Nuestros ancestros, los que vivieron en el siglo XVIII, se hubiesen sorprendido al observar las casas iluminadas con luz artificial. Lo mismo hubiesen experimentado quienes vivieron en el siglo XIX al escuchar cómo hablamos por teléfono, y todos nuestros antepasados se hubiesen maravillado con los automóviles, los aviones, las armas... Para quienes nacimos antes de la época del Twitter, del IPhone, del Facebook o de la parafernalia, etcétera, no deja de sorprendernos la dependencia que el mundo aparatizado ha generado.
Esos cambios han modificado a los seres humanos. Los ejecutores de esos logros, y la mayoría de las personas que tienen acceso a ese modus vivendi, piensan que la instrumentalización del ser humano y la manipulación del ambiente deviene mejorías. Otros piensan distinto: no todo lo que produce ciencia y tecnología es benéfico. Este grupo lo conforman personas interesadas en la ética. Ambos grupos saben lo mismo: la ciencia ha cambiado la vida y ha modificado al ser humano. Cuando se habla de ciencia y ética, la pregunta central es fundamental: ¿debemos hacer todo lo que podemos hacer?
Entre más ofrece la ciencia, más preguntas afloran. En bioética no hay días vacuos. Energía nuclear y clonación, desertificación y reproducción in vitro, calentamiento de la Tierra y medicina personalizada, asesinato de focas y “bebés a la carta” son binomios contemporáneos.
Rebasados los modelos políticos y religiosos, las respuestas deben provenir de la ética. ¿Es correcta la idea que sostiene que el ser humano es el cáncer de la Tierra?; ¿sigue vigente la sentencia “el hombre es el lobo del hombre”? Ambas preguntas conciernen a la ética. Ambas respuestas forman parte de estas reflexiones: ¿debemos hacer todo lo que podemos hacer?
El brete es inmenso. Conforme la ciencia avanza, la ética cuestiona. Dos casos. El primero pertenece al rubro “ética hacia la Tierra”. Un ejemplo “viejo”. El accidente nuclear de Fukushima —2011— fue una catástrofe, no una calamidad. En las catástrofes, las acciones de los seres humanos son responsables del suceso; en las calamidades, la Naturaleza es la responsable, si acaso la Naturaleza tiene responsabilidades.
El terremoto y el tsunami son fenómenos naturales (calamidades): acabaron con muchas vidas, mientras que la radiación proveniente de las centrales nucleares produjo enfermedades —leucemias, cáncer de tiroides—, y mermas en la Naturaleza. Los impulsores de las centrales nucleares obviaron la cuestión, ¿debemos hacer todo lo que podemos hacer?

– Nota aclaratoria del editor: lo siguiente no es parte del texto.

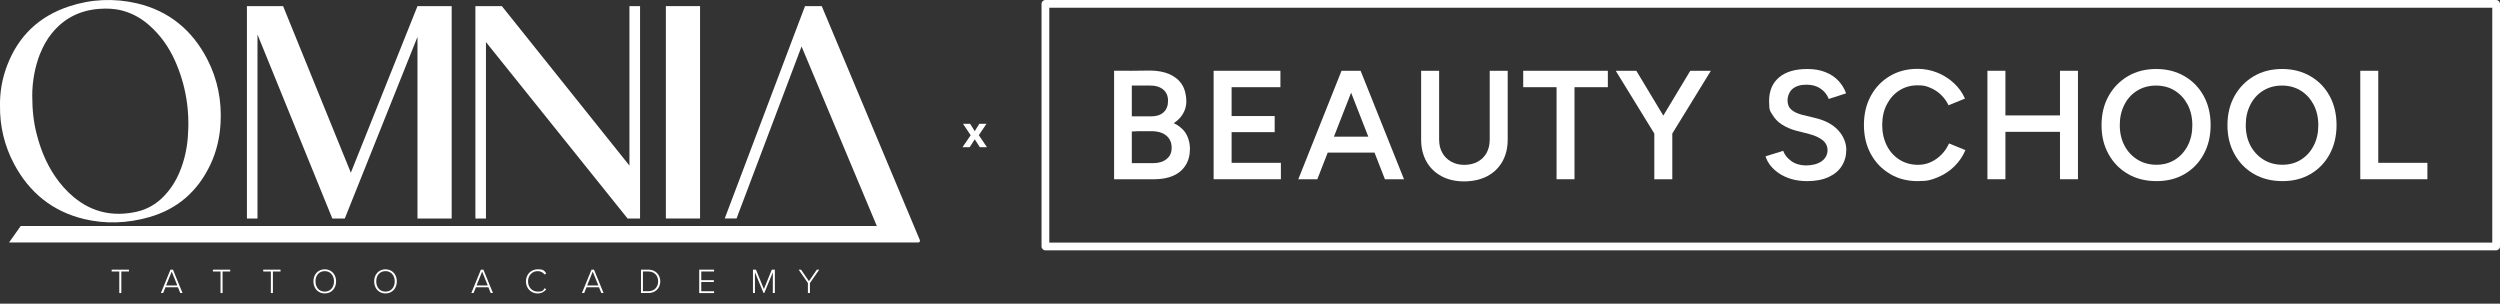 <svg xmlns="http://www.w3.org/2000/svg" id="Layer_2" data-name="Layer 2" viewBox="0 0 4782.8 581"><rect x="0" y="0" width="4782.8" height="581" fill="#333333" stroke="none"/><defs><style>      .cls-1 {        isolation: isolate;      }      .cls-2 {        fill: #fff;        stroke-width: 0px;      }    </style></defs><g id="Layer_2-2" data-name="Layer 2-2"><g id="Layer_1-2" data-name="Layer 1-2"><g id="Layer_1-2-2" data-name="Layer 1-2-2"><g><path class="cls-2" d="M27,313.8c29.1,54.7,73.6,90.8,134.1,105.3,41.4,9.9,82.9,8,123.7-3.5,55-15.5,94-50,118.1-101.6,11.4-24.4,17.4-50.3,19-77.1,2.6-43.3-5.3-84.7-25.2-123.3-28.8-55.9-73.4-92.9-135.1-107.3C218.4-3.7,174.8-1.8,132.5,12.1,75.1,30.9,35.1,68.7,13.6,125.4,4.1,150.2-.3,175.9,0,201.6c-.5,40.3,8.6,77.6,27,112.2ZM76.9,102.5c5.4-13.8,12.5-26.5,21.7-38.1,23.2-29.1,53.8-44.5,90.6-47.4,15.1-1.2,30.1-.6,44.9,3.3,19.4,5.2,36.4,14.8,51.4,28,21.2,18.7,37.2,41.2,48.8,66.8,21.3,47.1,29.2,96.6,25,148-1.8,22.8-6.9,45-15.8,66.2-7.2,17.3-17.1,32.8-30.2,46.3-14.4,14.8-31.5,24.9-51.6,29.4-44.6,10-85.1,1.6-120.6-27.9-14.1-11.7-26-25.3-36.2-40.4-16.6-24.6-27.5-51.8-34.8-80.4-5.8-22.5-8.4-45.5-8.4-73.9,0-24.1,4.3-52.5,15-79.9h0Z"></path><polygon class="cls-2" points="492.6 66 635.8 418.1 659.6 418.1 798.7 70.5 798.7 418.1 864.1 418.1 864.1 11.7 798.7 11.7 671.2 330.4 541.6 11.7 492.6 11.7 472.4 11.7 472.4 418.1 492.6 418.1 492.6 66"></polygon><polygon class="cls-2" points="929.7 80.5 1200.7 418.1 1204.2 418.1 1224.5 418.1 1224.5 11.7 1204.2 11.7 1204.2 316.8 960.1 11.7 929.7 11.7 909.5 11.7 909.5 418.1 929.7 418.1 929.7 80.5"></polygon><rect class="cls-2" x="1273.9" y="11.7" width="65.4" height="406.3"></rect><path class="cls-2" d="M1759.8,459.4l-.7-1.7h0S1572.1,11.7,1572.1,11.7h-32l-18.5,48.8-135.1,357.5h22.6l124.4-329.1,144,343.5H39.6l-22.3,31.5h1738.3c4.7,0,4.7-2.7,4.1-4.6h0Z"></path></g><g class="cls-1"><g class="cls-1"><g class="cls-1"><g class="cls-1"><path class="cls-2" d="M228.2,519.4h-14.6v-3.5h33.1v3.5h-14.6v41.2h-3.9v-41.2Z"></path></g></g><g class="cls-1"><g class="cls-1"><path class="cls-2" d="M340.4,549.6h-23.8l-4.5,11h-4.3l18.3-44.7h4.8l18.3,44.7h-4.3l-4.5-11ZM317.8,546.1h21.4l-10.7-26.5-10.7,26.5Z"></path></g></g></g><g class="cls-1"><g class="cls-1"><g class="cls-1"><path class="cls-2" d="M421.9,519.4h-14.6v-3.5h33.1v3.5h-14.6v41.2h-3.9v-41.2Z"></path></g></g></g><g class="cls-1"><g class="cls-1"><g class="cls-1"><path class="cls-2" d="M518.2,519.4h-14.6v-3.5h33.1v3.5h-14.6v41.2h-3.9v-41.2Z"></path></g></g></g><g class="cls-1"><g class="cls-1"><g class="cls-1"><path class="cls-2" d="M621.3,515.2c13.1,0,21.7,10.1,21.7,23.1s-8.6,23.1-21.7,23.1-21.7-10.1-21.7-23.1,8.6-23.1,21.7-23.1ZM621.3,518.7c-10.9,0-17.7,8.2-17.7,19.6s6.8,19.6,17.7,19.6,17.7-8.4,17.7-19.6-7-19.6-17.7-19.6Z"></path><path class="cls-2" d="M737.5,515.2c13.1,0,21.7,10.1,21.7,23.1s-8.6,23.1-21.7,23.1-21.7-10.1-21.7-23.1,8.6-23.1,21.7-23.1ZM737.5,518.7c-10.9,0-17.7,8.2-17.7,19.6s6.8,19.6,17.7,19.6,17.7-8.4,17.7-19.6-7-19.6-17.7-19.6Z"></path></g></g></g><g class="cls-1"><g class="cls-1"><g class="cls-1"><path class="cls-2" d="M934.3,549.6h-23.8l-4.5,11h-4.3l18.3-44.7h4.8l18.3,44.7h-4.3l-4.5-11ZM911.7,546.1h21.4l-10.7-26.5-10.7,26.5Z"></path></g></g></g><g class="cls-1"><g class="cls-1"><g class="cls-1"><path class="cls-2" d="M1006.2,538.3c0-13.7,10-23.1,22.5-23.1s12.6,3.2,16.4,7.9l-3.2,2.1c-2.8-3.9-7.7-6.5-13.2-6.5-10.4,0-18.5,8-18.5,19.6s8.1,19.6,18.5,19.6,10.4-2.6,13.2-6.5l3.2,2c-4,4.9-9.2,8-16.4,8-12.5,0-22.5-9.4-22.5-23.1Z"></path></g></g><g class="cls-1"><g class="cls-1"><path class="cls-2" d="M1145.9,549.6h-23.8l-4.5,11h-4.3l18.3-44.7h4.8l18.3,44.7h-4.3l-4.5-11ZM1123.3,546.1h21.4l-10.7-26.5-10.7,26.5Z"></path><path class="cls-2" d="M1226.3,515.9h14.3c13.9,0,22.6,10.1,22.6,22.4s-8.7,22.3-22.6,22.3h-14.3v-44.7ZM1240.5,557.1c11.8,0,18.6-8.4,18.6-18.8s-6.7-18.9-18.6-18.9h-10.5v37.7h10.5Z"></path><path class="cls-2" d="M1337.7,515.9h28.4v3.5h-24.5v16.6h24.1v3.5h-24.1v17.7h24.5v3.5h-28.4v-44.7Z"></path><path class="cls-2" d="M1478.5,520.9l-16.3,39.7h-1.5l-16.4-39.7v39.7h-3.8v-44.7h5.7l15.2,37.1,15.2-37.1h5.8v44.7h-3.9v-39.7Z"></path></g></g></g><g class="cls-1"><g class="cls-1"><g class="cls-1"><path class="cls-2" d="M1545.7,541.5l-17.8-25.6h4.6l15.1,22,15.1-22h4.6l-17.8,25.6v19.1h-3.9v-19.1Z"></path></g></g></g></g></g><g><path class="cls-2" d="M1992.6,471.5c0,4.1,3.3,7.4,7.4,7.4h2775.4c4.1,0,7.4-3.3,7.4-7.4V7.4C4782.7,3.3,4779.4,0,4775.3,0H2000C1995.9,0,1992.6,3.3,1992.6,7.4v464.1h0ZM4768,14.8v449.3H2007.4V14.8h2760.5Z"></path><path class="cls-2" d="M2131.5,342.9h77.4c13.8,0,25.8-2.3,35.9-6.8s17.9-11.2,23.4-19.9c5.5-8.7,8.3-19.2,8.3-31.4s-3.8-25.5-11.3-34.4c-5.1-6-11.6-11-19.7-14.8,5.6-3.7,10.4-8,14.2-12.9,6.6-8.6,9.9-18.3,9.9-29.2s-2.9-23.6-8.6-32.2c-5.7-8.6-13.8-15.1-24.2-19.6-10.4-4.4-22.7-6.7-36.9-6.7l-34.7.4h0c0-.1-33.8-.1-33.8-.1v207.5h0ZM2165.3,163.6h32.9c11.5-.2,20.4,2.3,26.8,7.4,6.4,5.1,9.6,12.4,9.6,21.9s-2.8,16.6-8.4,21.8-13.4,7.9-23.3,7.9h-37.6v-59h0ZM2176.9,251h24.6c12.6-.2,22.5,2.5,29.5,8.2s10.5,13.4,10.5,23.3-3.1,16.3-9.5,21.6-14.9,8-25.8,8h-40.9v-60.5l11.6-.6h0Z"></path><polygon class="cls-2" points="2321.8 342.9 2349.1 342.9 2356.2 342.9 2450.5 342.9 2450.5 311.5 2356.2 311.5 2356.2 252.8 2438.6 252.8 2438.6 222 2356.2 222 2356.2 166.8 2449.6 166.8 2449.6 135.4 2356.2 135.4 2349.1 135.4 2321.8 135.4 2321.8 342.9"></polygon><path class="cls-2" d="M2483.7,342.9h36.5l19.9-51h89.5l19.9,51h36.5l-83-207.5h-36.5l-82.7,207.5h0ZM2584.8,177.2l32.9,84.2h-65.7l32.9-84.2h0,0,0Z"></path><path class="cls-2" d="M2729,309.1c6.8,12,16.4,21.4,28.8,28,12.4,6.6,26.7,9.9,43.1,9.9s31.8-3.3,44.3-9.9c12.6-6.6,22.2-16,29-28,6.8-12,10.2-26.1,10.2-42.1v-131.6h-34.4v131.6c0,9.7-2,18.1-5.9,25.4-3.9,7.2-9.6,12.8-17,16.9-7.4,4.1-16,6.1-25.6,6.1s-17.9-2-25.2-6.1c-7.3-4.1-13-9.7-17-16.9-4.1-7.2-6.1-15.7-6.1-25.4v-131.6h-34.4v131.6c0,16,3.4,30,10.2,42.1h0Z"></path><polygon class="cls-2" points="2977.9 342.9 3012.2 342.9 3012.2 166.8 3076 166.8 3076 135.4 2914.1 135.4 2914.1 166.8 2977.9 166.8 2977.9 342.9"></polygon><polygon class="cls-2" points="3164.9 342.9 3199.3 342.9 3199.3 255.5 3273.1 135.4 3233.7 135.4 3182.1 221.2 3130.5 135.4 3091.1 135.4 3164.9 255.5 3164.9 342.9"></polygon><path class="cls-2" d="M3409.6,238.6c7.8,4.9,16.6,8.7,26.2,11.3l25.5,6.5c10.7,2.8,19.2,6.7,25.5,11.7,6.3,5,9.5,11.5,9.5,19.4s-3.8,15.7-11.3,21c-7.5,5.3-17.7,8-30.5,8-11.1-.2-20.4-3.1-27.9-8.6-7.5-5.5-12.6-12-15.1-19.3l-33.8,10.4c1.8,6.1,4.9,12,9.3,17.6,4.4,5.6,10.1,10.7,16.9,15.3,6.8,4.5,14.7,8.1,23.7,10.7,9,2.6,18.9,3.9,29.8,3.9,16,0,29.6-2.6,40.8-7.7,11.2-5.1,19.6-12.2,25.4-21.3,5.7-9.1,8.6-19.6,8.6-31.4s-5.1-25.7-15.4-36.8c-10.3-11.1-24.7-18.9-43.3-23.4l-25.5-6.2c-8.7-2.2-15.6-5.4-20.6-9.6s-7.6-10.2-7.6-17.9,3.2-16.9,9.6-22.2,15.3-8,26.5-8,20,2.6,27.3,7.7,12.4,11.6,15.4,19.6l33.2-10.7c-3.1-8.9-8-16.9-14.5-23.9-6.5-7-14.8-12.6-24.8-16.6-10-4.1-21.6-6.1-34.8-6.1-23.5,0-41.6,5.4-54.2,16.1s-19,25.8-19,45.2,2.2,19.2,6.7,26.7c4.4,7.5,10.6,13.7,18.4,18.7h0c0,0,0,0,0,0Z"></path><path class="cls-2" d="M3615.6,332.7c15.5,9.2,33.2,13.8,53.2,13.8s26.5-2.5,38.5-7.4c12.1-5,22.6-11.9,31.7-20.9,9.1-9,16.1-19.3,21.1-31l-31.4-12.8c-3.6,8.1-8.4,15.2-14.4,21.3-6,6.1-12.8,10.9-20.4,14.4s-15.8,5.2-24.5,5.2c-13.2,0-25.1-3.3-35.4-9.8-10.4-6.5-18.5-15.5-24.3-27-5.8-11.5-8.8-24.6-8.8-39.4s2.9-27.9,8.8-39.3,13.8-20.3,24-26.8c10.2-6.5,21.8-9.8,34.8-9.8s16.6,1.6,24.3,4.7c7.7,3.2,14.6,7.7,20.6,13.5,6,5.8,10.8,12.5,14.4,20l31.4-12.8c-4.9-11.3-12-21.1-21.2-29.6-9.2-8.5-19.7-15.2-31.6-20-11.9-4.8-24.5-7.3-37.9-7.3-20,0-37.6,4.6-53.1,13.8-15.4,9.2-27.5,21.8-36.3,37.9-8.8,16.1-13.2,34.6-13.2,55.6s4.4,39.5,13.2,55.6c8.8,16.1,20.9,28.8,36.5,37.9h0s0,0,0,0Z"></path><polygon class="cls-2" points="3802.2 342.9 3836.6 342.9 3836.6 252.2 3941 252.2 3941 342.9 3975.4 342.9 3975.4 135.4 3941 135.4 3941 220.8 3836.6 220.8 3836.6 135.4 3802.2 135.4 3802.2 342.9"></polygon><path class="cls-2" d="M4071.1,332.9c15.8,9.1,34,13.6,54.6,13.6s38.3-4.5,53.8-13.6c15.5-9.1,27.7-21.7,36.5-37.9,8.8-16.2,13.2-34.8,13.2-55.7s-4.4-39.5-13.2-55.6-21-28.8-36.8-37.9c-15.7-9.2-33.8-13.8-54.1-13.8s-38.6,4.6-54.2,13.8c-15.6,9.2-27.9,21.8-36.9,37.9-9,16.1-13.5,34.7-13.5,55.9s4.5,39.2,13.5,55.4c9,16.2,21.4,28.9,37.2,37.9h0s0,0,0,0ZM4064.3,200.1c5.9-11.5,14.1-20.4,24.6-26.8,10.5-6.4,22.4-9.6,35.9-9.6s25.6,3.3,36,9.8,18.5,15.5,24.5,26.8c5.9,11.4,8.9,24.5,8.9,39.3s-2.9,27.6-8.8,39-13.9,20.3-24.2,26.8c-10.3,6.5-22.1,9.8-35.6,9.8s-25.8-3.3-36.3-9.8c-10.6-6.5-18.9-15.5-24.9-26.8-6-11.4-9-24.5-9-39.3s3-27.7,8.9-39.1h0Z"></path><path class="cls-2" d="M4312.1,332.9c15.8,9.1,34,13.6,54.5,13.6s38.3-4.5,53.8-13.6c15.5-9.1,27.7-21.7,36.5-37.9,8.8-16.2,13.2-34.8,13.2-55.7s-4.4-39.5-13.2-55.6-21-28.8-36.8-37.9c-15.7-9.2-33.8-13.8-54.1-13.8s-38.6,4.6-54.2,13.8c-15.6,9.2-27.9,21.8-36.9,37.9s-13.5,34.7-13.5,55.9,4.5,39.2,13.5,55.4c9,16.2,21.4,28.9,37.2,37.9h0ZM4305.3,200.1c5.9-11.5,14.1-20.4,24.6-26.8,10.5-6.4,22.4-9.6,35.9-9.6s25.6,3.3,36,9.8c10.4,6.5,18.5,15.5,24.5,26.8,5.9,11.4,8.9,24.5,8.9,39.3s-2.9,27.6-8.8,39-13.9,20.3-24.2,26.8c-10.3,6.5-22.1,9.8-35.6,9.8s-25.8-3.3-36.3-9.8-18.9-15.5-24.9-26.8c-6-11.4-9-24.5-9-39.3s3-27.7,8.9-39.1h0Z"></path><polygon class="cls-2" points="4515.5 342.9 4539.5 342.9 4549.9 342.9 4643.9 342.9 4643.9 311.5 4549.9 311.5 4549.9 135.4 4515.5 135.4 4515.5 342.9"></polygon></g><g class="cls-1"><g class="cls-1"><g class="cls-1"><path class="cls-2" d="M1864.8,266.6l-9.7,15h-13.7l15.6-22.9-14.6-21.8h13.6l8.8,14,8.7-14h13.7l-14.6,21.7,15.6,23h-13.6l-9.7-15h0Z"></path></g></g></g></g></g></svg>

El segundo ejemplo proviene de la ética médica. El “turismo de trasplantes” es una empresa en boga. Quienes la fomentan se agencian dinero abundante. Sabedores de la limitación de órganos y de la urgencia de muchos enfermos para salvar su vida gracias a un trasplante, los vendedores de salud transportan a receptores a Turquía, Pakistán o China, donde un donador, nunca voluntario, “dona” su órgano a cambio de una paga enjuta. El proceso viola leyes elementales de la ética. Los implicados no pensaron en los vínculos entre ciencia y ética.
“Cómo debemos vivir” fue una gran reflexión de Sócrates. Esa idea debe responderse desde la ética: las personas tienen la obligación de valorar los intereses de quienes pudiesen verse afectados. La imparable tecnología ha dotado al ser humano de técnicas otrora impensables, pero, al unísono, lo ha despersonalizado. La tecnología genera felicidad y prolonga la vida: sin embargo, la salud de la Tierra es cada vez más precaria.
Comparto la siguiente inquietud: Si la ética no modifica las conductas de quienes deciden el destino del ser humano y de la Tierra, las catástrofes se multiplicarán y el hombre atentará, cada vez más, contra sus congéneres y contra su casa.